'''

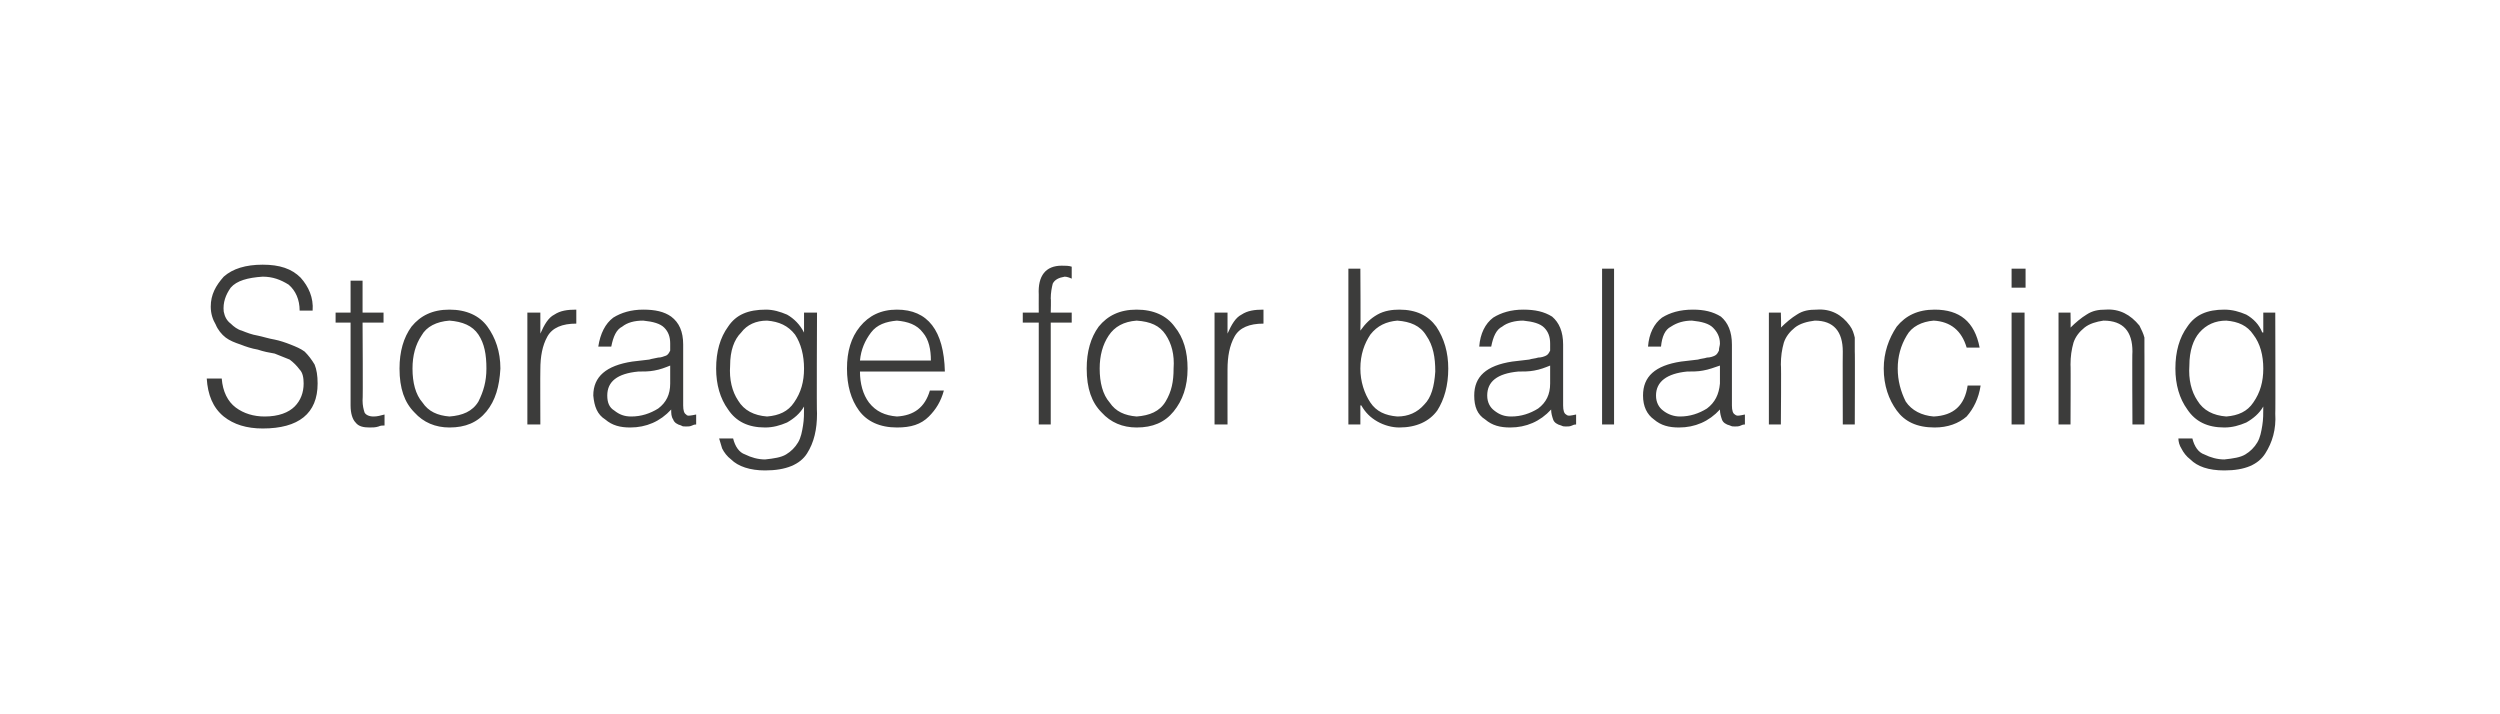 <?xml version="1.0" standalone="no"?>
<!DOCTYPE svg PUBLIC "-//W3C//DTD SVG 1.1//EN" "http://www.w3.org/Graphics/SVG/1.1/DTD/svg11.dtd">
<svg xmlns="http://www.w3.org/2000/svg" version="1.1" width="250.3px" height="71.5px" viewBox="0 0 250.3 71.5">
  <desc>Storage for balancing</desc>
  <defs/>
  <g id="Polygon79918">
    <path d="M 20.7 37.9 C 20.8 39.5 21.3 40.8 22.4 41.7 C 23.4 42.5 24.7 42.9 26.3 42.9 C 29.9 42.9 31.8 41.4 31.8 38.4 C 31.8 37.6 31.7 37 31.5 36.5 C 31.2 36 30.9 35.6 30.5 35.2 C 30.1 34.9 29.6 34.7 29.1 34.5 C 28.6 34.3 28 34.1 27.5 34 C 26.9 33.9 26.3 33.7 25.8 33.6 C 25.2 33.5 24.7 33.3 24.2 33.1 C 23.8 33 23.4 32.7 23.1 32.4 C 22.7 32.1 22.5 31.7 22.4 31.2 C 22.3 30.3 22.6 29.5 23.1 28.8 C 23.7 28.1 24.8 27.8 26.3 27.7 C 27.3 27.7 28.1 28 28.9 28.5 C 29.6 29.1 30 30 30 31.1 C 30 31.1 31.3 31.1 31.3 31.1 C 31.4 29.8 30.9 28.7 30.1 27.8 C 29.2 26.9 28 26.5 26.3 26.5 C 24.6 26.5 23.3 26.9 22.4 27.7 C 21.6 28.6 21.1 29.5 21.1 30.7 C 21.1 31.4 21.3 32 21.6 32.5 C 21.8 33 22.2 33.5 22.6 33.8 C 23 34.1 23.5 34.3 24.1 34.5 C 24.6 34.7 25.2 34.9 25.8 35 C 26.4 35.2 26.9 35.3 27.5 35.4 C 28 35.6 28.5 35.8 29 36 C 29.4 36.3 29.7 36.6 30 37 C 30.3 37.3 30.4 37.8 30.4 38.4 C 30.4 39.3 30.1 40.1 29.5 40.7 C 28.9 41.3 27.9 41.7 26.5 41.7 C 25.4 41.7 24.4 41.4 23.6 40.8 C 22.8 40.2 22.3 39.2 22.2 37.9 C 22.2 37.9 20.7 37.9 20.7 37.9 Z M 38.5 41.5 C 38.1 41.6 37.8 41.7 37.4 41.7 C 36.9 41.7 36.6 41.5 36.5 41.3 C 36.4 41 36.3 40.6 36.3 40.1 C 36.35 40.08 36.3 32.3 36.3 32.3 L 38.4 32.3 L 38.4 31.3 L 36.3 31.3 L 36.3 28.1 L 35.1 28.1 L 35.1 31.3 L 33.6 31.3 L 33.6 32.3 L 35.1 32.3 C 35.1 32.3 35.1 40.59 35.1 40.6 C 35.1 41.4 35.3 42 35.6 42.3 C 35.9 42.7 36.4 42.8 37 42.8 C 37.3 42.8 37.6 42.8 37.9 42.7 C 38.1 42.6 38.3 42.6 38.5 42.6 C 38.5 42.6 38.5 41.5 38.5 41.5 Z M 45 42.8 C 46.6 42.8 47.8 42.3 48.7 41.2 C 49.6 40.1 50 38.7 50.1 36.9 C 50.1 35.2 49.6 33.8 48.8 32.7 C 48 31.6 46.7 31 45 31 C 43.3 31 42.1 31.6 41.2 32.7 C 40.4 33.8 40 35.2 40 36.9 C 40 38.9 40.5 40.3 41.5 41.3 C 42.4 42.3 43.6 42.8 45 42.8 C 45 42.8 45 42.8 45 42.8 Z M 48.7 36.9 C 48.7 38.2 48.4 39.2 47.9 40.2 C 47.3 41.2 46.3 41.6 45 41.7 C 43.8 41.6 42.9 41.2 42.3 40.3 C 41.6 39.5 41.3 38.3 41.3 36.9 C 41.3 35.6 41.6 34.5 42.2 33.6 C 42.7 32.7 43.7 32.2 45 32.1 C 46.3 32.2 47.3 32.6 47.9 33.5 C 48.5 34.4 48.7 35.5 48.7 36.9 C 48.7 36.9 48.7 36.9 48.7 36.9 Z M 54.1 37 C 54.1 35.7 54.3 34.6 54.8 33.7 C 55.3 32.8 56.3 32.4 57.7 32.4 C 57.7 32.4 57.7 31 57.7 31 C 56.8 31 56.1 31.1 55.5 31.5 C 54.9 31.8 54.5 32.5 54.1 33.4 C 54.13 33.37 54.1 33.4 54.1 33.4 L 54.1 31.3 L 52.8 31.3 L 52.8 42.5 L 54.1 42.5 C 54.1 42.5 54.08 37.01 54.1 37 Z M 67.1 38.4 C 67.1 39.5 66.7 40.3 65.9 40.9 C 65.1 41.4 64.2 41.7 63.2 41.7 C 62.5 41.7 62 41.5 61.5 41.1 C 61 40.8 60.8 40.3 60.8 39.6 C 60.8 38.2 61.8 37.4 63.9 37.2 C 64.4 37.2 65 37.2 65.5 37.1 C 66.1 37 66.6 36.8 67.1 36.6 C 67.1 36.6 67.1 38.4 67.1 38.4 Z M 63.3 36.2 C 60.7 36.6 59.4 37.7 59.4 39.6 C 59.5 40.7 59.8 41.5 60.6 42 C 61.3 42.6 62.1 42.8 63.1 42.8 C 64.7 42.8 66.1 42.2 67.2 41 C 67.2 41.4 67.2 41.7 67.4 42 C 67.5 42.3 67.8 42.5 68.2 42.6 C 68.3 42.7 68.5 42.7 68.7 42.7 C 68.9 42.7 69.1 42.7 69.3 42.6 C 69.5 42.5 69.6 42.5 69.7 42.5 C 69.7 42.5 69.7 41.5 69.7 41.5 C 69.2 41.6 68.8 41.7 68.7 41.5 C 68.5 41.4 68.4 41.1 68.4 40.6 C 68.4 40.6 68.4 34.5 68.4 34.5 C 68.4 33.2 68 32.3 67.2 31.7 C 66.5 31.2 65.6 31 64.4 31 C 63.2 31 62.2 31.3 61.4 31.8 C 60.6 32.4 60.1 33.4 59.9 34.7 C 59.9 34.7 61.2 34.7 61.2 34.7 C 61.4 33.7 61.7 33 62.3 32.7 C 62.8 32.3 63.5 32.1 64.4 32.1 C 65.4 32.2 66.1 32.4 66.5 32.8 C 66.9 33.2 67.1 33.7 67.1 34.4 C 67.1 34.6 67.1 34.8 67.1 35.1 C 67 35.3 66.9 35.5 66.7 35.6 C 66.4 35.7 66.2 35.8 65.9 35.8 C 65.5 35.9 65.3 35.9 65 36 C 65 36 63.3 36.2 63.3 36.2 Z M 80.5 36.9 C 80.5 38.2 80.2 39.3 79.5 40.3 C 78.9 41.2 78 41.6 76.8 41.7 C 75.5 41.6 74.5 41.1 73.9 40.1 C 73.3 39.2 73 38 73.1 36.6 C 73.1 35.1 73.5 34 74.2 33.3 C 74.8 32.5 75.7 32.1 76.8 32.1 C 78 32.2 78.9 32.6 79.6 33.5 C 80.2 34.4 80.5 35.6 80.5 36.9 C 80.5 36.9 80.5 36.9 80.5 36.9 Z M 80.5 33.3 C 80.5 33.3 80.45 33.25 80.5 33.3 C 80.1 32.5 79.5 31.9 78.8 31.5 C 78.1 31.2 77.4 31 76.7 31 C 74.9 31 73.7 31.5 72.9 32.7 C 72.1 33.8 71.7 35.2 71.7 36.9 C 71.7 38.5 72.1 39.9 72.9 41 C 73.7 42.2 74.9 42.8 76.6 42.8 C 77.4 42.8 78.1 42.6 78.8 42.3 C 79.5 41.9 80.1 41.4 80.5 40.7 C 80.5 41.4 80.5 42 80.4 42.6 C 80.3 43.2 80.2 43.8 79.9 44.3 C 79.6 44.8 79.2 45.2 78.7 45.5 C 78.2 45.8 77.5 45.9 76.6 46 C 75.9 46 75.2 45.8 74.6 45.5 C 74 45.3 73.6 44.7 73.4 43.9 C 73.4 43.9 72 43.9 72 43.9 C 72.1 44.2 72.2 44.6 72.3 44.9 C 72.5 45.3 72.8 45.7 73.2 46 C 73.9 46.7 75.1 47.1 76.6 47.1 C 78.7 47.1 80.1 46.5 80.8 45.4 C 81.5 44.3 81.8 43 81.8 41.4 C 81.75 41.44 81.8 31.3 81.8 31.3 L 80.5 31.3 L 80.5 33.3 Z M 86.1 36.1 C 86.2 35 86.6 34.1 87.2 33.3 C 87.8 32.5 88.7 32.2 89.8 32.1 C 90.9 32.2 91.8 32.5 92.4 33.3 C 93 34 93.2 35 93.2 36.1 C 93.2 36.1 86.1 36.1 86.1 36.1 Z M 94.6 37.2 C 94.5 33.1 92.9 31 89.8 31 C 88.2 31 87 31.6 86.1 32.7 C 85.2 33.8 84.8 35.2 84.8 36.9 C 84.8 38.6 85.2 40 86 41.1 C 86.8 42.2 88.1 42.8 89.8 42.8 C 91.2 42.8 92.2 42.5 93 41.7 C 93.7 41 94.2 40.2 94.5 39.1 C 94.5 39.1 93.1 39.1 93.1 39.1 C 92.6 40.8 91.5 41.6 89.8 41.7 C 88.6 41.6 87.7 41.2 87 40.3 C 86.4 39.5 86.1 38.4 86.1 37.2 C 86.1 37.2 94.6 37.2 94.6 37.2 Z M 104 32.3 L 104 42.5 L 105.2 42.5 L 105.2 32.3 L 107.3 32.3 L 107.3 31.3 L 105.2 31.3 C 105.2 31.3 105.24 29.88 105.2 29.9 C 105.2 29.3 105.3 28.8 105.4 28.4 C 105.6 28 106 27.8 106.6 27.7 C 106.8 27.7 107.1 27.8 107.3 27.9 C 107.3 27.9 107.3 26.7 107.3 26.7 C 107 26.6 106.7 26.6 106.3 26.6 C 104.7 26.6 103.9 27.6 104 29.5 C 103.99 29.49 104 31.3 104 31.3 L 102.4 31.3 L 102.4 32.3 L 104 32.3 Z M 113.8 42.8 C 115.4 42.8 116.6 42.3 117.5 41.2 C 118.4 40.1 118.9 38.7 118.9 36.9 C 118.9 35.2 118.5 33.8 117.6 32.7 C 116.8 31.6 115.5 31 113.8 31 C 112.1 31 110.9 31.6 110 32.7 C 109.2 33.8 108.8 35.2 108.8 36.9 C 108.8 38.9 109.3 40.3 110.3 41.3 C 111.2 42.3 112.4 42.8 113.8 42.8 C 113.8 42.8 113.8 42.8 113.8 42.8 Z M 117.5 36.9 C 117.5 38.2 117.3 39.2 116.7 40.2 C 116.1 41.2 115.1 41.6 113.8 41.7 C 112.6 41.6 111.7 41.2 111.1 40.3 C 110.4 39.5 110.1 38.3 110.1 36.9 C 110.1 35.6 110.4 34.5 111 33.6 C 111.6 32.7 112.5 32.2 113.8 32.1 C 115.2 32.2 116.1 32.6 116.7 33.5 C 117.3 34.4 117.6 35.5 117.5 36.9 C 117.5 36.9 117.5 36.9 117.5 36.9 Z M 122.9 37 C 122.9 35.7 123.1 34.6 123.6 33.7 C 124.1 32.8 125.1 32.4 126.5 32.4 C 126.5 32.4 126.5 31 126.5 31 C 125.6 31 124.9 31.1 124.3 31.5 C 123.7 31.8 123.3 32.5 122.9 33.4 C 122.94 33.37 122.9 33.4 122.9 33.4 L 122.9 31.3 L 121.6 31.3 L 121.6 42.5 L 122.9 42.5 C 122.9 42.5 122.89 37.01 122.9 37 Z M 136.2 36.9 C 136.2 35.5 136.6 34.4 137.2 33.5 C 137.9 32.6 138.8 32.2 139.9 32.1 C 141.2 32.2 142.2 32.6 142.8 33.6 C 143.5 34.6 143.7 35.8 143.7 37.2 C 143.6 38.7 143.3 39.8 142.6 40.5 C 141.9 41.3 141 41.7 139.9 41.7 C 138.7 41.6 137.8 41.2 137.2 40.3 C 136.6 39.4 136.2 38.2 136.2 36.9 C 136.2 36.9 136.2 36.9 136.2 36.9 Z M 136.2 40.6 C 136.2 40.6 136.28 40.56 136.3 40.6 C 136.7 41.3 137.2 41.8 137.9 42.2 C 138.6 42.6 139.4 42.8 140.1 42.8 C 141.8 42.8 143.1 42.2 143.9 41.1 C 144.6 40 145 38.6 145 36.9 C 145 35.3 144.6 33.9 143.8 32.7 C 143 31.6 141.8 31 140.1 31 C 139.4 31 138.6 31.1 137.9 31.5 C 137.2 31.9 136.7 32.4 136.2 33.1 C 136.24 33.07 136.2 26.9 136.2 26.9 L 135 26.9 L 135 42.5 L 136.2 42.5 L 136.2 40.6 Z M 155.2 38.4 C 155.2 39.5 154.8 40.3 154 40.9 C 153.2 41.4 152.3 41.7 151.3 41.7 C 150.6 41.7 150.1 41.5 149.6 41.1 C 149.2 40.8 148.9 40.3 148.9 39.6 C 148.9 38.2 149.9 37.4 152 37.2 C 152.5 37.2 153.1 37.2 153.6 37.1 C 154.2 37 154.7 36.8 155.2 36.6 C 155.2 36.6 155.2 38.4 155.2 38.4 Z M 151.4 36.2 C 148.8 36.6 147.6 37.7 147.6 39.6 C 147.6 40.7 147.9 41.5 148.7 42 C 149.4 42.6 150.2 42.8 151.2 42.8 C 152.8 42.8 154.2 42.2 155.3 41 C 155.3 41.4 155.4 41.7 155.5 42 C 155.6 42.3 155.9 42.5 156.3 42.6 C 156.5 42.7 156.6 42.7 156.8 42.7 C 157 42.7 157.2 42.7 157.4 42.6 C 157.6 42.5 157.7 42.5 157.8 42.5 C 157.8 42.5 157.8 41.5 157.8 41.5 C 157.3 41.6 157 41.7 156.8 41.5 C 156.6 41.4 156.5 41.1 156.5 40.6 C 156.5 40.6 156.5 34.5 156.5 34.5 C 156.5 33.2 156.1 32.3 155.4 31.7 C 154.6 31.2 153.7 31 152.5 31 C 151.3 31 150.3 31.3 149.5 31.8 C 148.7 32.4 148.2 33.4 148.1 34.7 C 148.1 34.7 149.3 34.7 149.3 34.7 C 149.5 33.7 149.8 33 150.4 32.7 C 150.9 32.3 151.7 32.1 152.5 32.1 C 153.5 32.2 154.2 32.4 154.6 32.8 C 155 33.2 155.2 33.7 155.2 34.4 C 155.2 34.6 155.2 34.8 155.2 35.1 C 155.1 35.3 155 35.5 154.8 35.6 C 154.6 35.7 154.3 35.8 154 35.8 C 153.7 35.9 153.4 35.9 153.1 36 C 153.1 36 151.4 36.2 151.4 36.2 Z M 161.6 42.5 L 161.6 26.9 L 160.4 26.9 L 160.4 42.5 L 161.6 42.5 Z M 172.2 38.4 C 172.1 39.5 171.7 40.3 170.9 40.9 C 170.1 41.4 169.2 41.7 168.2 41.7 C 167.6 41.7 167 41.5 166.5 41.1 C 166.1 40.8 165.8 40.3 165.8 39.6 C 165.8 38.2 166.9 37.4 168.9 37.2 C 169.4 37.2 170 37.2 170.5 37.1 C 171.1 37 171.6 36.8 172.2 36.6 C 172.2 36.6 172.2 38.4 172.2 38.4 Z M 168.3 36.2 C 165.7 36.6 164.5 37.7 164.5 39.6 C 164.5 40.7 164.9 41.5 165.6 42 C 166.3 42.6 167.1 42.8 168.1 42.8 C 169.7 42.8 171.1 42.2 172.2 41 C 172.2 41.4 172.3 41.7 172.4 42 C 172.5 42.3 172.8 42.5 173.2 42.6 C 173.4 42.7 173.5 42.7 173.7 42.7 C 173.9 42.7 174.1 42.7 174.3 42.6 C 174.5 42.5 174.6 42.5 174.7 42.5 C 174.7 42.5 174.7 41.5 174.7 41.5 C 174.2 41.6 173.9 41.7 173.7 41.5 C 173.5 41.4 173.4 41.1 173.4 40.6 C 173.4 40.6 173.4 34.5 173.4 34.5 C 173.4 33.2 173 32.3 172.3 31.7 C 171.5 31.2 170.6 31 169.5 31 C 168.2 31 167.2 31.3 166.4 31.8 C 165.6 32.4 165.1 33.4 165 34.7 C 165 34.7 166.3 34.7 166.3 34.7 C 166.4 33.7 166.7 33 167.3 32.7 C 167.9 32.3 168.6 32.1 169.4 32.1 C 170.4 32.2 171.1 32.4 171.5 32.8 C 171.9 33.2 172.2 33.7 172.2 34.4 C 172.2 34.6 172.1 34.8 172.1 35.1 C 172 35.3 171.9 35.5 171.7 35.6 C 171.5 35.7 171.2 35.8 170.9 35.8 C 170.6 35.9 170.3 35.9 170 36 C 170 36 168.3 36.2 168.3 36.2 Z M 178.3 36.5 C 178.3 35.7 178.4 35 178.6 34.3 C 178.8 33.7 179.2 33.2 179.7 32.8 C 180.2 32.4 180.9 32.2 181.7 32.1 C 183.6 32.1 184.5 33.2 184.5 35.2 C 184.48 35.18 184.5 42.5 184.5 42.5 L 185.7 42.5 C 185.7 42.5 185.73 35.16 185.7 35.2 C 185.7 34.7 185.7 34.2 185.7 33.8 C 185.6 33.4 185.5 33 185.2 32.6 C 184.4 31.5 183.3 30.9 181.9 31 C 181.1 31 180.5 31.1 179.9 31.5 C 179.4 31.8 178.8 32.3 178.3 32.8 C 178.35 32.83 178.3 31.3 178.3 31.3 L 177.1 31.3 L 177.1 42.5 L 178.3 42.5 C 178.3 42.5 178.35 36.47 178.3 36.5 Z M 198.2 34.8 C 197.7 32.2 196.2 31 193.7 31 C 192 31 190.8 31.6 189.9 32.7 C 189.1 33.9 188.6 35.3 188.6 36.9 C 188.6 38.6 189.1 40 189.9 41.1 C 190.7 42.2 191.9 42.8 193.7 42.8 C 195 42.8 196.1 42.4 196.9 41.7 C 197.6 40.9 198.1 39.9 198.3 38.6 C 198.3 38.6 197 38.6 197 38.6 C 196.7 40.6 195.6 41.6 193.6 41.7 C 192.4 41.6 191.4 41.1 190.8 40.2 C 190.3 39.2 190 38.1 190 36.9 C 190 35.7 190.3 34.6 190.9 33.6 C 191.4 32.7 192.4 32.2 193.6 32.1 C 195.3 32.2 196.4 33.1 196.9 34.8 C 196.9 34.8 198.2 34.8 198.2 34.8 Z M 202.7 42.5 L 202.7 31.3 L 201.4 31.3 L 201.4 42.5 L 202.7 42.5 Z M 202.8 28.8 L 202.8 26.9 L 201.4 26.9 L 201.4 28.8 L 202.8 28.8 Z M 207.3 36.5 C 207.3 35.7 207.4 35 207.6 34.3 C 207.8 33.7 208.2 33.2 208.7 32.8 C 209.2 32.4 209.9 32.2 210.6 32.1 C 212.6 32.1 213.5 33.2 213.5 35.2 C 213.46 35.18 213.5 42.5 213.5 42.5 L 214.7 42.5 C 214.7 42.5 214.71 35.16 214.7 35.2 C 214.7 34.7 214.7 34.2 214.7 33.8 C 214.6 33.4 214.4 33 214.2 32.6 C 213.3 31.5 212.2 30.9 210.8 31 C 210.1 31 209.5 31.1 208.9 31.5 C 208.4 31.8 207.8 32.3 207.3 32.8 C 207.33 32.83 207.3 31.3 207.3 31.3 L 206.1 31.3 L 206.1 42.5 L 207.3 42.5 C 207.3 42.5 207.33 36.47 207.3 36.5 Z M 226.6 36.9 C 226.6 38.2 226.3 39.3 225.6 40.3 C 225 41.2 224.1 41.6 222.9 41.7 C 221.6 41.6 220.6 41.1 220 40.1 C 219.4 39.2 219.1 38 219.2 36.6 C 219.2 35.1 219.6 34 220.2 33.3 C 220.9 32.5 221.8 32.1 222.9 32.1 C 224.1 32.2 225 32.6 225.6 33.5 C 226.3 34.4 226.6 35.6 226.6 36.9 C 226.6 36.9 226.6 36.9 226.6 36.9 Z M 226.6 33.3 C 226.6 33.3 226.53 33.25 226.5 33.3 C 226.2 32.5 225.6 31.9 224.9 31.5 C 224.2 31.2 223.5 31 222.7 31 C 221 31 219.8 31.5 219 32.7 C 218.2 33.8 217.8 35.2 217.8 36.9 C 217.8 38.5 218.2 39.9 219 41 C 219.8 42.2 221 42.8 222.7 42.8 C 223.5 42.8 224.2 42.6 224.9 42.3 C 225.6 41.9 226.2 41.4 226.6 40.7 C 226.6 41.4 226.6 42 226.5 42.6 C 226.4 43.2 226.3 43.8 226 44.3 C 225.7 44.8 225.3 45.2 224.8 45.5 C 224.3 45.8 223.6 45.9 222.7 46 C 222 46 221.3 45.8 220.7 45.5 C 220.1 45.3 219.7 44.7 219.5 43.9 C 219.5 43.9 218.1 43.9 218.1 43.9 C 218.1 44.2 218.2 44.6 218.4 44.9 C 218.6 45.3 218.9 45.7 219.3 46 C 220 46.7 221.1 47.1 222.7 47.1 C 224.8 47.1 226.1 46.5 226.8 45.4 C 227.5 44.3 227.9 43 227.8 41.4 C 227.83 41.44 227.8 31.3 227.8 31.3 L 226.6 31.3 L 226.6 33.3 Z " stroke="none" fill="#3c3c3b"/>
  </g>
</svg>

'''

> Required action: Which lines of the listing above hold the word "http"? Copy each of them.

> Written response:
<!DOCTYPE svg PUBLIC "-//W3C//DTD SVG 1.1//EN" "http://www.w3.org/Graphics/SVG/1.1/DTD/svg11.dtd">
<svg xmlns="http://www.w3.org/2000/svg" version="1.1" width="250.3px" height="71.5px" viewBox="0 0 250.3 71.5">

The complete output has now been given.